(Records from a dataset)
# # # # #

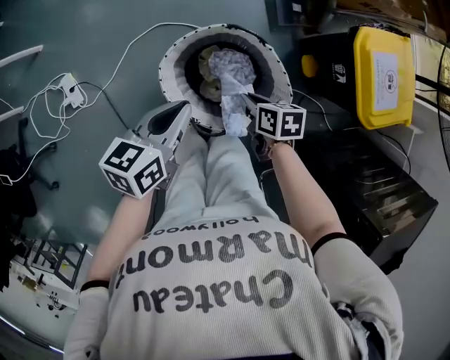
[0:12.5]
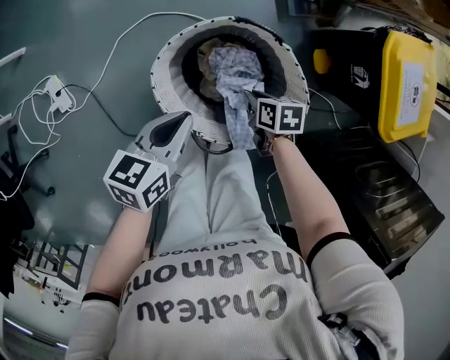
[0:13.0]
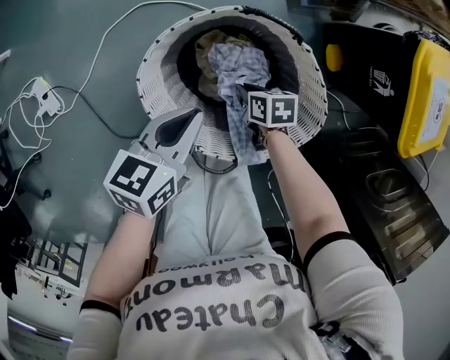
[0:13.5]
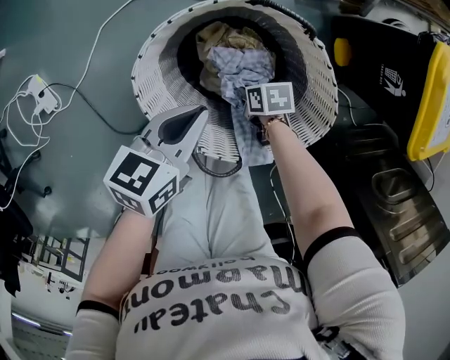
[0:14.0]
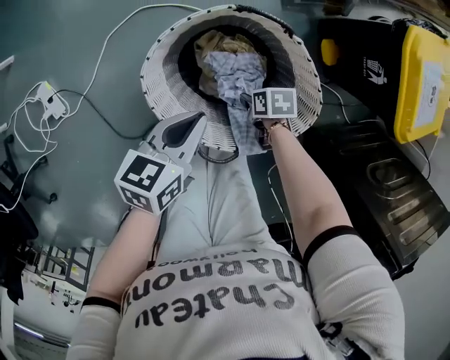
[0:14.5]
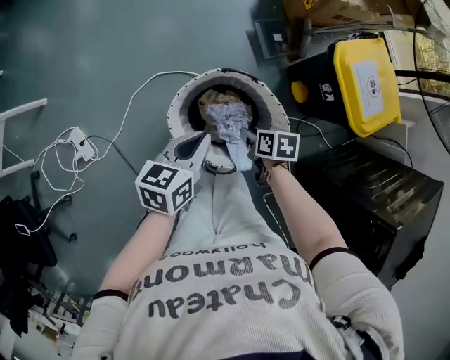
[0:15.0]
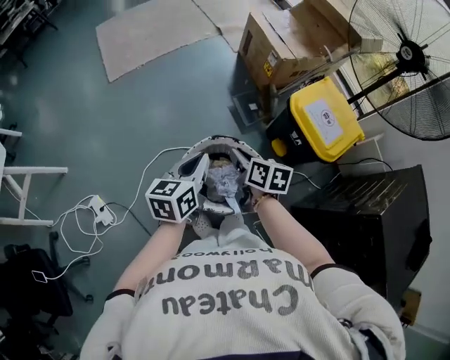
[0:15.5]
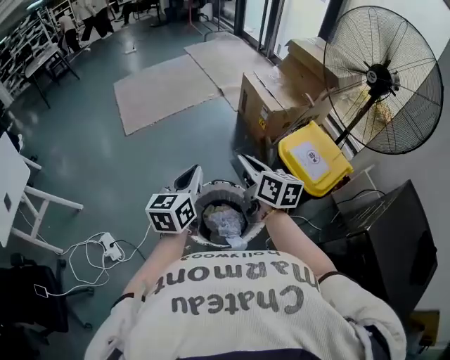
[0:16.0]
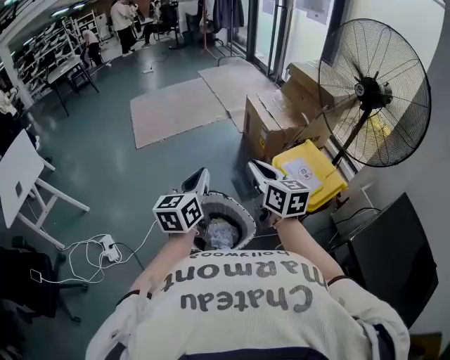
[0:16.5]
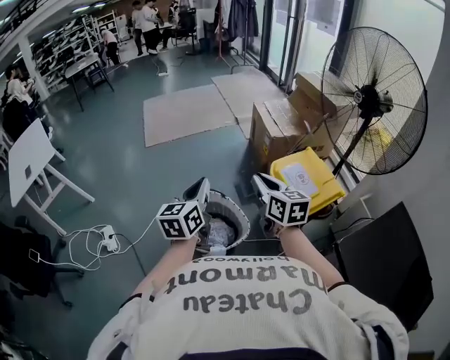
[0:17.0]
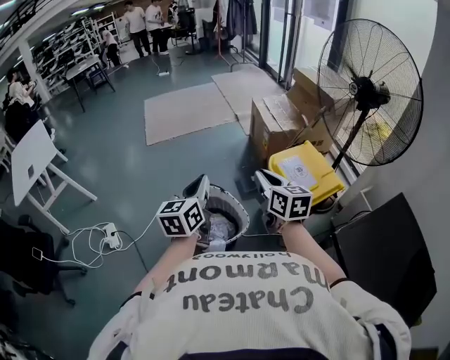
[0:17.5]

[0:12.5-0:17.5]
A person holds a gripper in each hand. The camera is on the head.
0:12.5 to 0:15.0: The right gripper goes downward and returns, about 30 cm each way; the left gripper goes downward and returns, about 20 cm each way.
0:15.0 to 0:17.5: Both grippers travel together upward and to the right, about 40 cm. The left gripper changes its angle by approximately 40 degrees; the right gripper tips its fingers upward by about 50 degrees.

# # # # #

## Work request
Quote the records above exactly, leaving out any pictures.

## Output of the exercise
[0:12.5]
[0:13.0]
[0:13.5]
[0:14.0]
[0:14.5]
[0:15.0]
[0:15.5]
[0:16.0]
[0:16.5]
[0:17.0]
[0:17.5]

[0:12.5-0:17.5]
A person holds a gripper in each hand. The camera is on the head.
0:12.5 to 0:15.0: The right gripper goes downward and returns, about 30 cm each way; the left gripper goes downward and returns, about 20 cm each way.
0:15.0 to 0:17.5: Both grippers travel together upward and to the right, about 40 cm. The left gripper changes its angle by approximately 40 degrees; the right gripper tips its fingers upward by about 50 degrees.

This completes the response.